[Data entries]

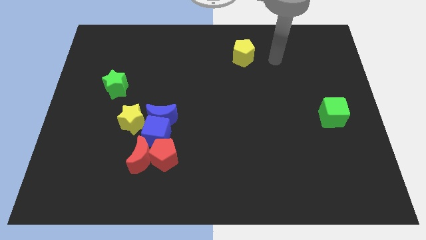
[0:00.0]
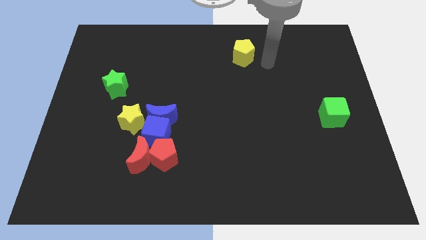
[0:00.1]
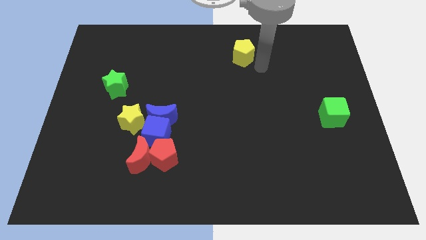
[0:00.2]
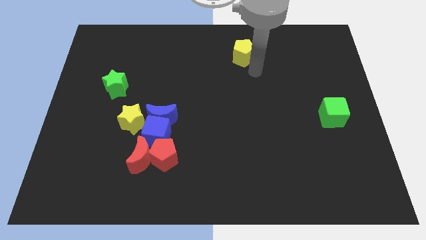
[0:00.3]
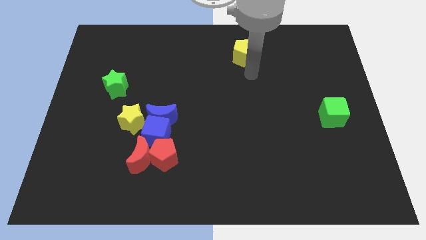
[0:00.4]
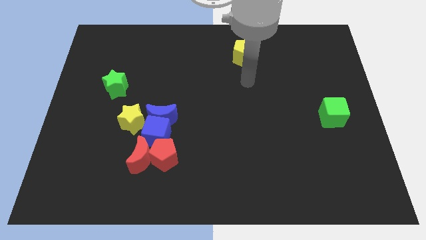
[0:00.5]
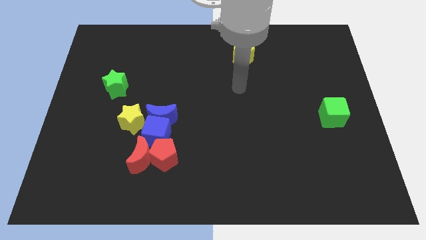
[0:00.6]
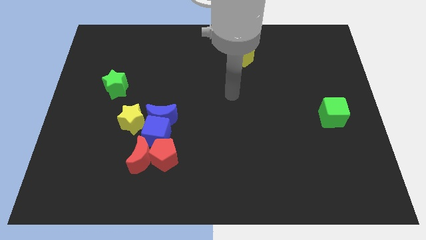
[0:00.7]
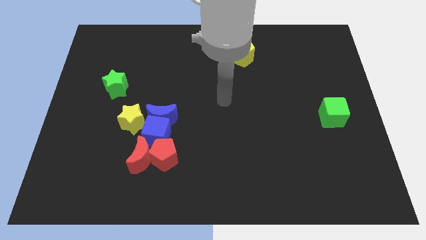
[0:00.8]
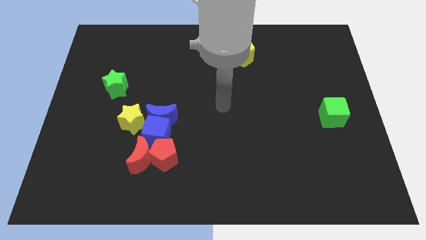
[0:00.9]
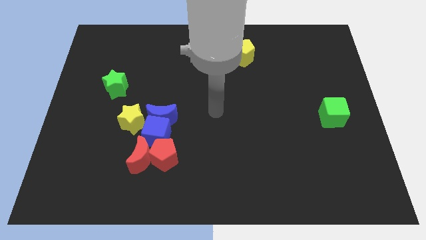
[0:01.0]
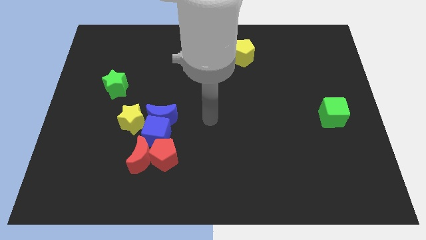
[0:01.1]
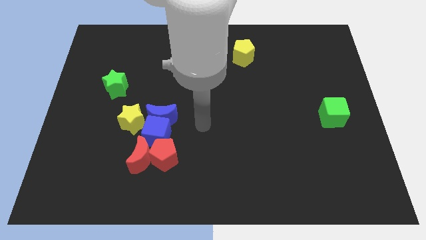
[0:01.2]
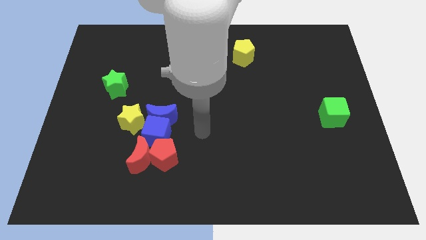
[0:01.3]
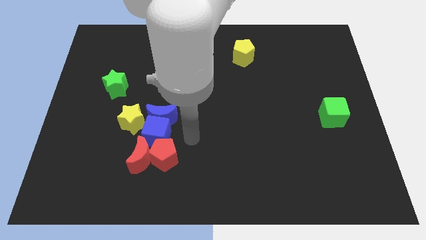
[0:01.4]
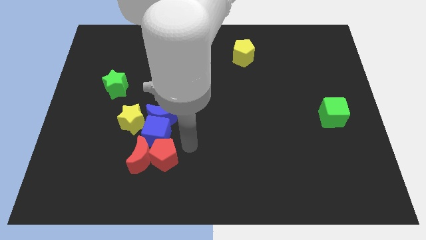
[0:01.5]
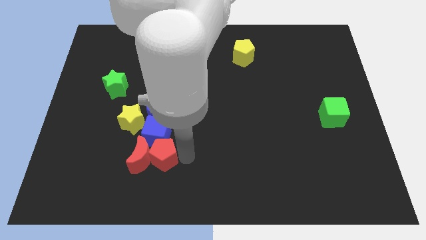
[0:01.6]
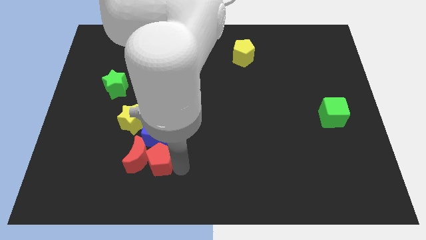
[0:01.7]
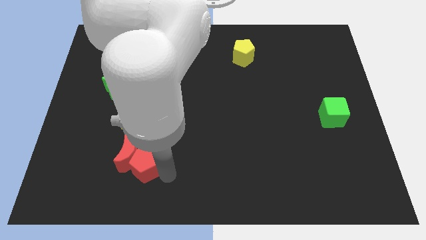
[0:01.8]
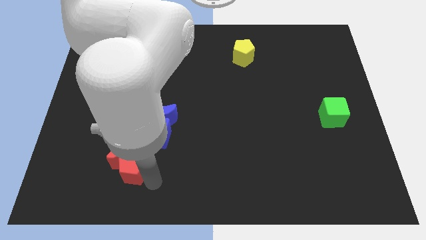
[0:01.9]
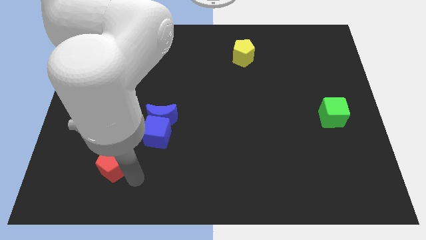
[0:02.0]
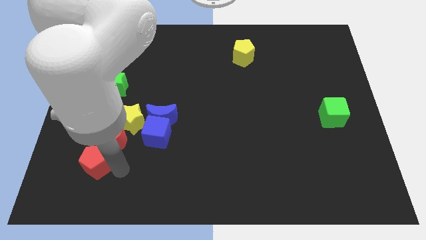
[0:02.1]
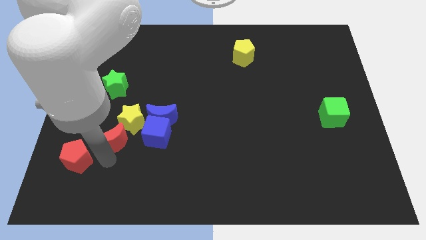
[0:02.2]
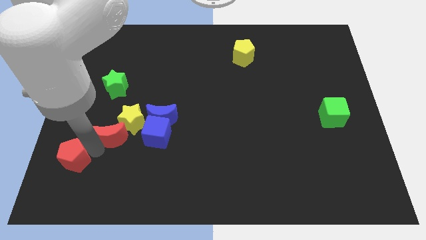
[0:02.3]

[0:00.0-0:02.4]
put the red moon close to the yellow star

**Exercise aim:** Your answer must be the records above, copied exactly, with no pictures.

**Solution to this exercise:**
[0:00.0]
[0:00.1]
[0:00.2]
[0:00.3]
[0:00.4]
[0:00.5]
[0:00.6]
[0:00.7]
[0:00.8]
[0:00.9]
[0:01.0]
[0:01.1]
[0:01.2]
[0:01.3]
[0:01.4]
[0:01.5]
[0:01.6]
[0:01.7]
[0:01.8]
[0:01.9]
[0:02.0]
[0:02.1]
[0:02.2]
[0:02.3]

[0:00.0-0:02.4]
put the red moon close to the yellow star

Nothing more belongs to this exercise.